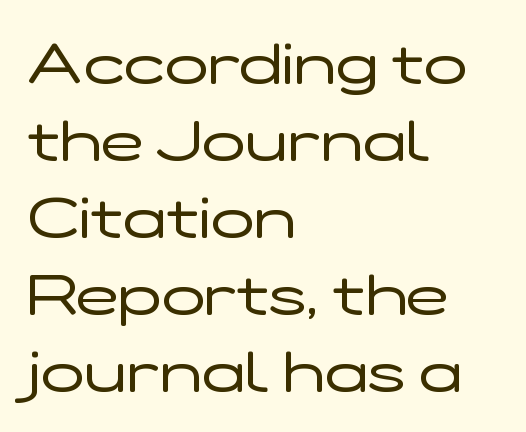
Q: Is the text bold? A: No.
Q: Is the text italic (slanted)? A: No, it is upright.
Q: Is the typeface a serif or a sans-serif typeface? A: Sans-serif.
Q: Is the text underlined? A: No.
Q: How is the paragraph aligned? A: Left-aligned.
Q: Is the spacing between letters normal or unusually wide? A: Normal.
Q: Is the spacing between lines tight, normal or loose? A: Normal.
Q: Width (condensed, normal, or wide)? A: Wide.
Q: Stroke contrast? A: Low.
Q: x-height? A: Medium.
Q: Monospaced? A: No.
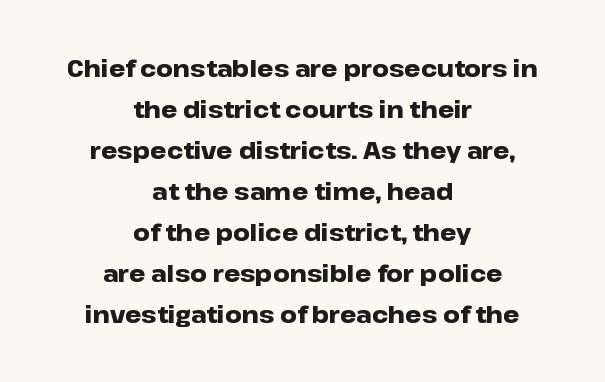
The letters stand upright; this is a roman face. Casual observation: everything's sitting right in the middle. Emphasis by weight is at full strength: bold. The line texture is even and compact thanks to regular tracking. A clean baseline with only descenders dipping below it.
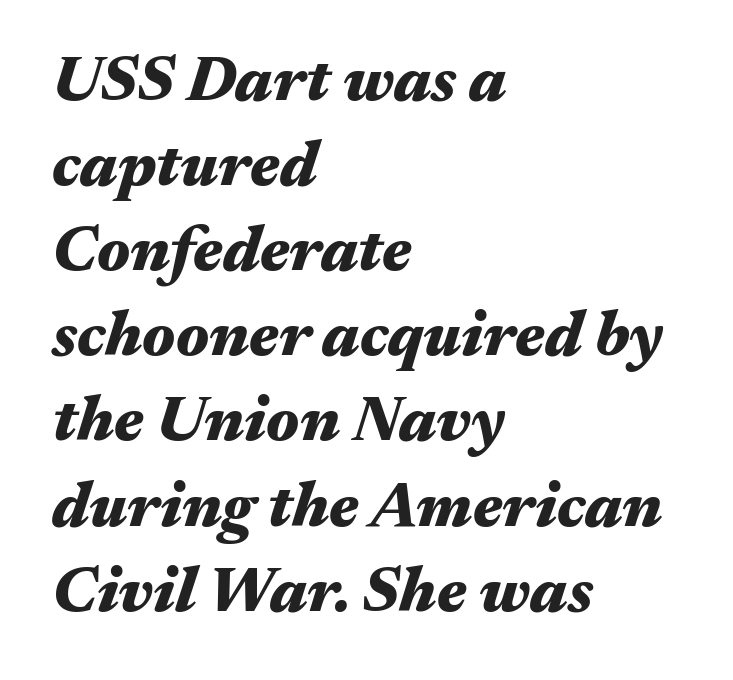
Q: Is the text bold? A: Yes.
Q: Is the text italic (slanted)? A: Yes, it leans right by about 17 degrees.
Q: Is the text underlined? A: No.
Q: How is the paragraph aligned? A: Left-aligned.
Q: Is the spacing between letters normal or unusually wide? A: Normal.
Q: Is the spacing between lines tight, normal or loose? A: Normal.
Q: Width (condensed, normal, or wide)? A: Wide.
Q: Stroke contrast? A: Medium.
Q: x-height? A: Medium.
Q: Monospaced? A: No.
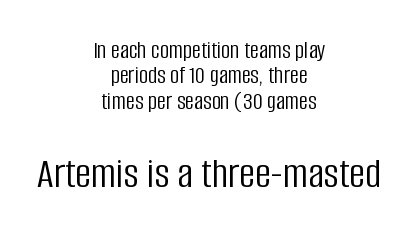
The image shows 44 px light, condensed sans-serif type, upright; set centered, tight line spacing (1.02x), normal letter spacing, not underlined; the second (bottom) block is 1.76x larger; low stroke contrast and a large x-height.
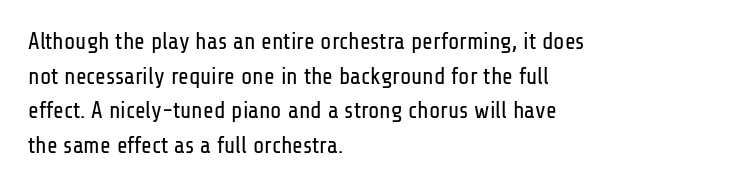
{"italic": "no", "bold": "no", "underline": "no", "align": "left", "line_spacing": "normal", "line_spacing_ratio": 1.51, "letter_spacing": "normal", "letter_spacing_em": 0.0, "glyph_px": 23}
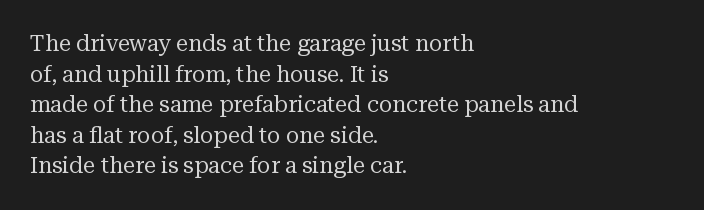
The image shows 22 px text type, upright; set left-aligned, normal line spacing (1.39x), normal letter spacing, not underlined.
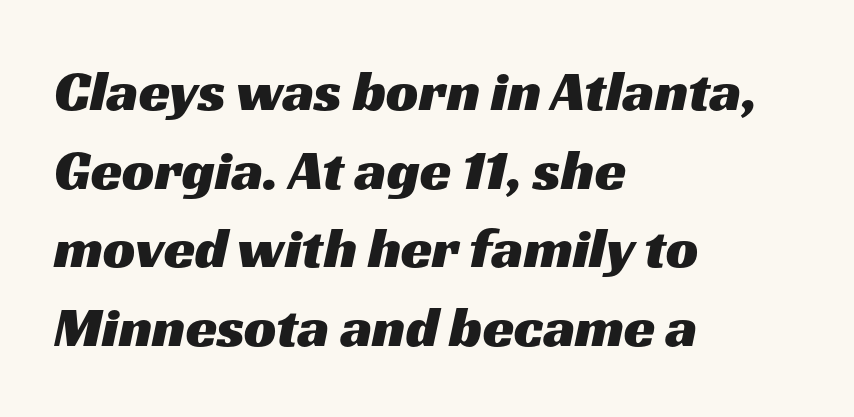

Task requirements: Where pictures sit among the data above, omit them, and output the rest exactly.

Output:
Q: Is the text bold? A: No.
Q: Is the text italic (slanted)? A: No, it is upright.
Q: Is the typeface a serif or a sans-serif typeface? A: Sans-serif.
Q: Is the text underlined? A: No.
Q: How is the paragraph aligned? A: Left-aligned.
Q: Is the spacing between letters normal or unusually wide? A: Normal.
Q: Is the spacing between lines tight, normal or loose? A: Normal.
Q: Width (condensed, normal, or wide)? A: Wide.
Q: Stroke contrast? A: Low.
Q: x-height? A: Medium.
Q: Monospaced? A: No.
The letters stand upright; this is a roman face. Casual observation: everything's sitting right in the middle. Emphasis by weight is at full strength: bold. The line texture is even and compact thanks to regular tracking. A clean baseline with only descenders dipping below it.
Q: Is the text bold? A: Yes.
Q: Is the text italic (slanted)? A: Yes, it leans right by about 17 degrees.
Q: Is the text underlined? A: No.
Q: How is the paragraph aligned? A: Left-aligned.
Q: Is the spacing between letters normal or unusually wide? A: Normal.
Q: Is the spacing between lines tight, normal or loose? A: Normal.
Q: Width (condensed, normal, or wide)? A: Wide.
Q: Stroke contrast? A: Medium.
Q: x-height? A: Medium.
Q: Monospaced? A: No.
The image shows 44 px light, condensed sans-serif type, upright; set centered, tight line spacing (1.02x), normal letter spacing, not underlined; the second (bottom) block is 1.76x larger; low stroke contrast and a large x-height.
{"italic": "no", "bold": "no", "underline": "no", "align": "left", "line_spacing": "normal", "line_spacing_ratio": 1.51, "letter_spacing": "normal", "letter_spacing_em": 0.0, "glyph_px": 23}
The image shows 22 px text type, upright; set left-aligned, normal line spacing (1.39x), normal letter spacing, not underlined.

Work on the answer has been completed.